= Task to carry out =
Exclude the pictures. Transcribe exactly, and only, the lines from the one holding "This image appeared 2.8 s after image 1." to the end of the material below.

++++++++

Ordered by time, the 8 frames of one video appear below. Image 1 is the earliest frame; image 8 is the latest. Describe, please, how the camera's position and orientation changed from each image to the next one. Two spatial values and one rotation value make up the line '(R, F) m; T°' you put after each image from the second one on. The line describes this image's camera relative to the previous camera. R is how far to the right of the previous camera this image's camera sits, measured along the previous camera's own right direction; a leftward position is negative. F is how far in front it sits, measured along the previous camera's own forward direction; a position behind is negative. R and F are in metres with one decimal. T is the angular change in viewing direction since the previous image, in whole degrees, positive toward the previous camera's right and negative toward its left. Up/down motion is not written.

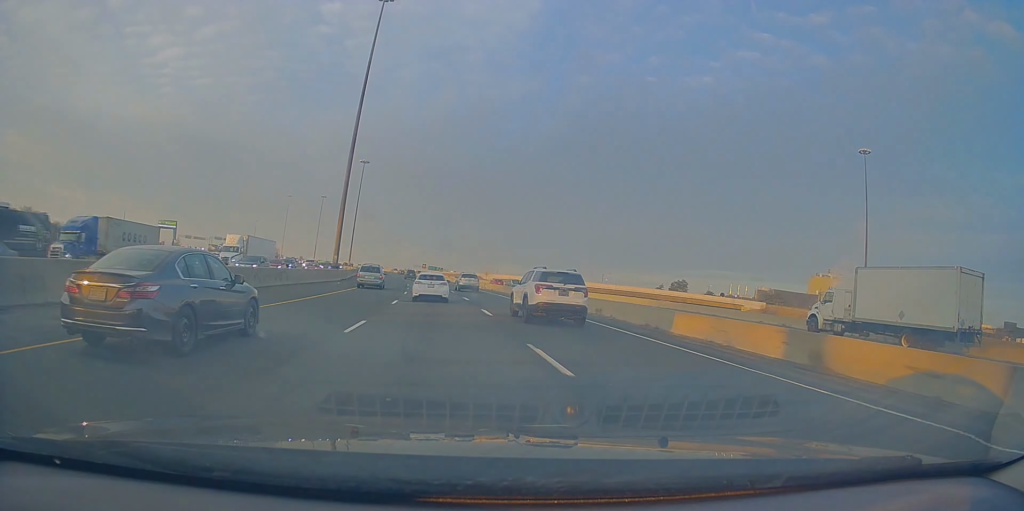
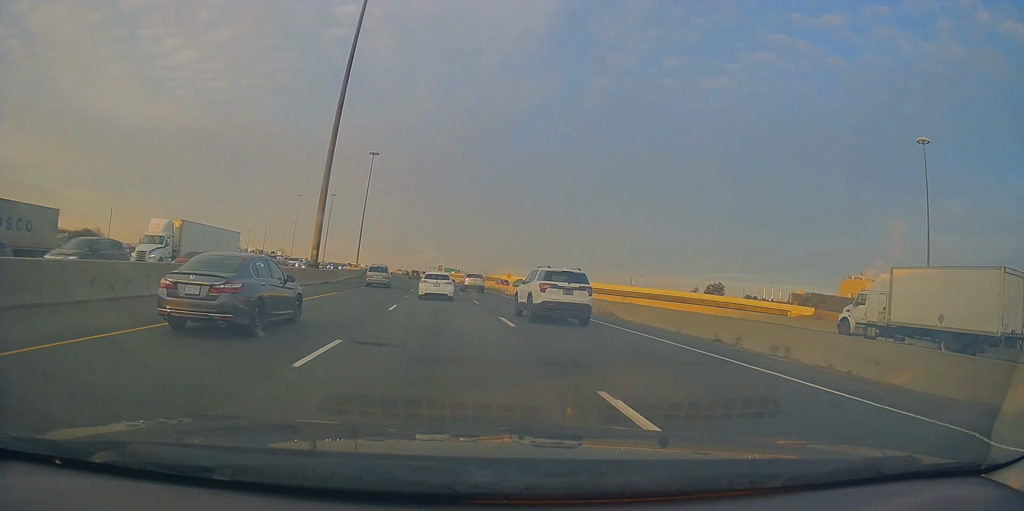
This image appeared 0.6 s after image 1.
(-0.3, +16.2) m; -2°
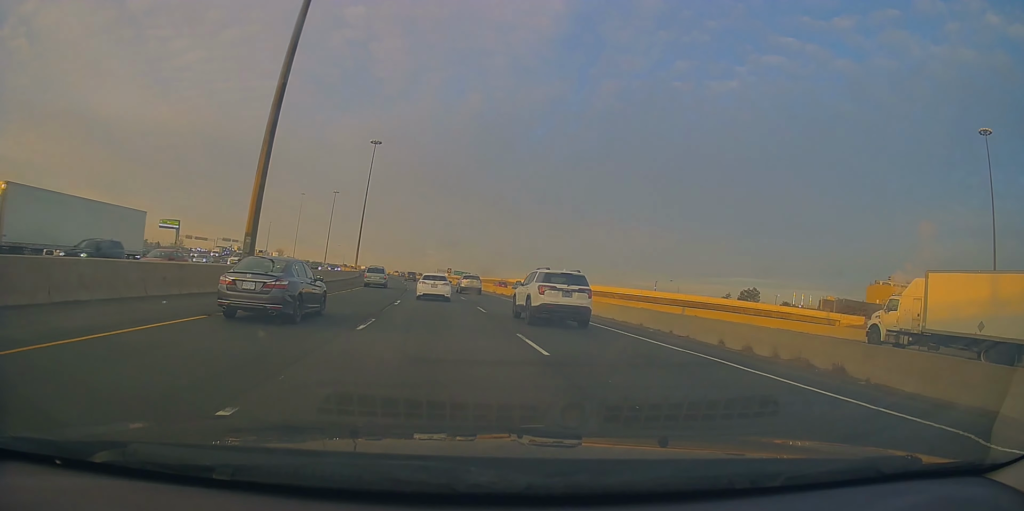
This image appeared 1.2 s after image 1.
(-0.2, +17.1) m; -1°
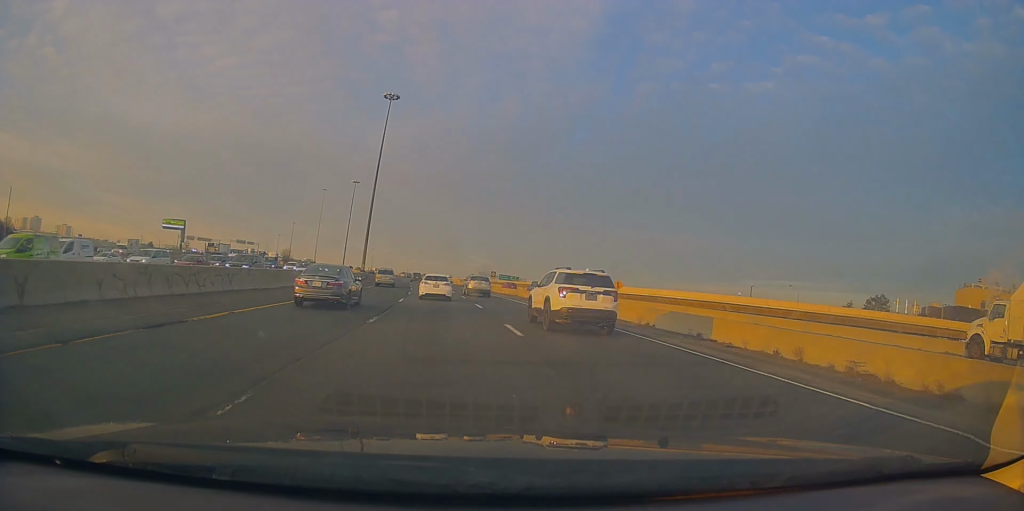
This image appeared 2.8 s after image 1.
(-1.5, +44.1) m; -5°
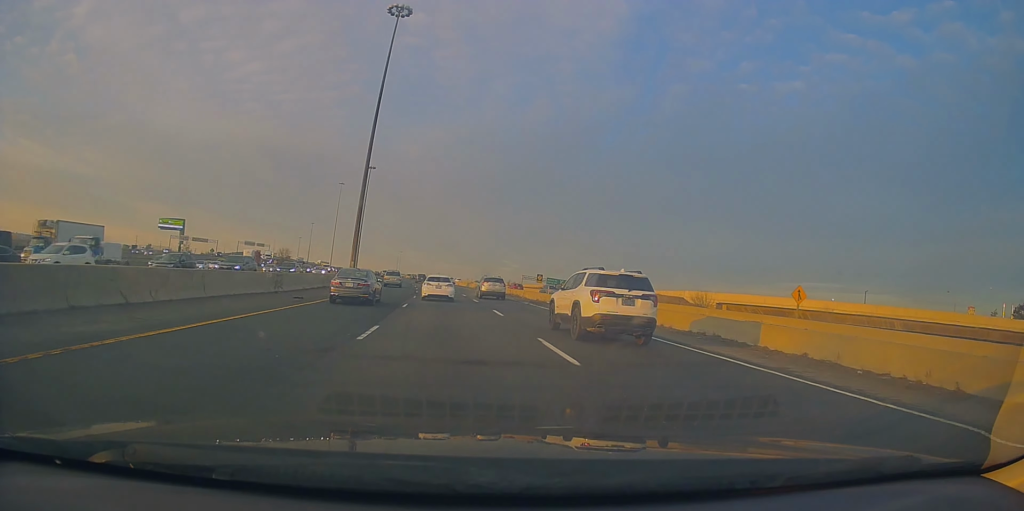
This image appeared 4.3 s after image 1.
(-1.3, +40.0) m; -3°
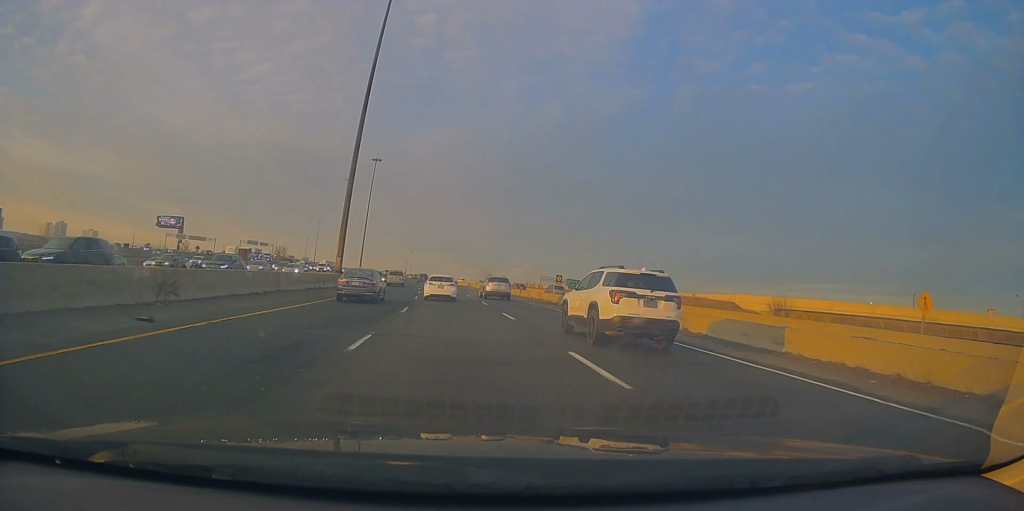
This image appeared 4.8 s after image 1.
(0.0, +14.0) m; -1°
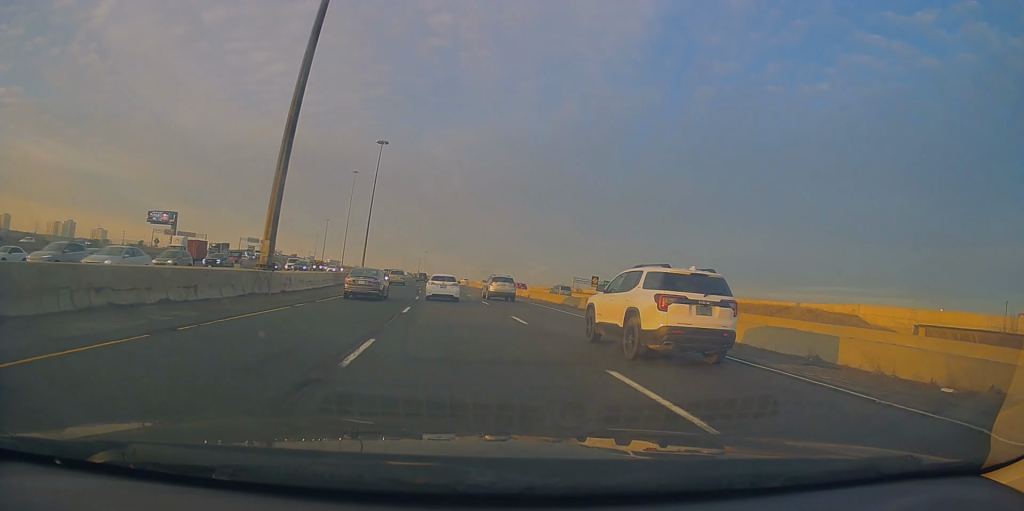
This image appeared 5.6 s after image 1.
(-0.5, +24.2) m; -2°
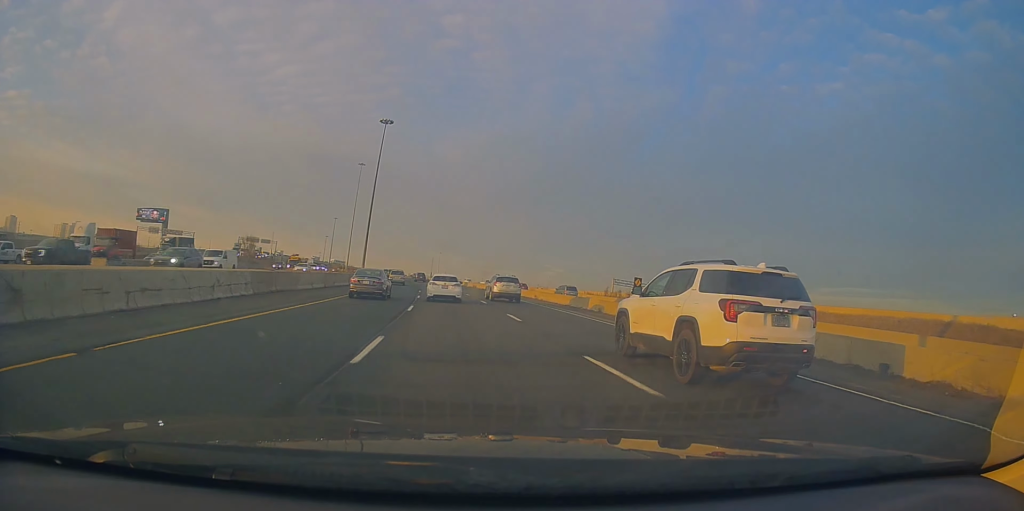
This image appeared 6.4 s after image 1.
(-0.5, +22.6) m; -2°

++++++++

= Result of this task =
This image appeared 2.8 s after image 1.
(-1.5, +44.1) m; -5°
This image appeared 4.3 s after image 1.
(-1.3, +40.0) m; -3°
This image appeared 4.8 s after image 1.
(0.0, +14.0) m; -1°
This image appeared 5.6 s after image 1.
(-0.5, +24.2) m; -2°
This image appeared 6.4 s after image 1.
(-0.5, +22.6) m; -2°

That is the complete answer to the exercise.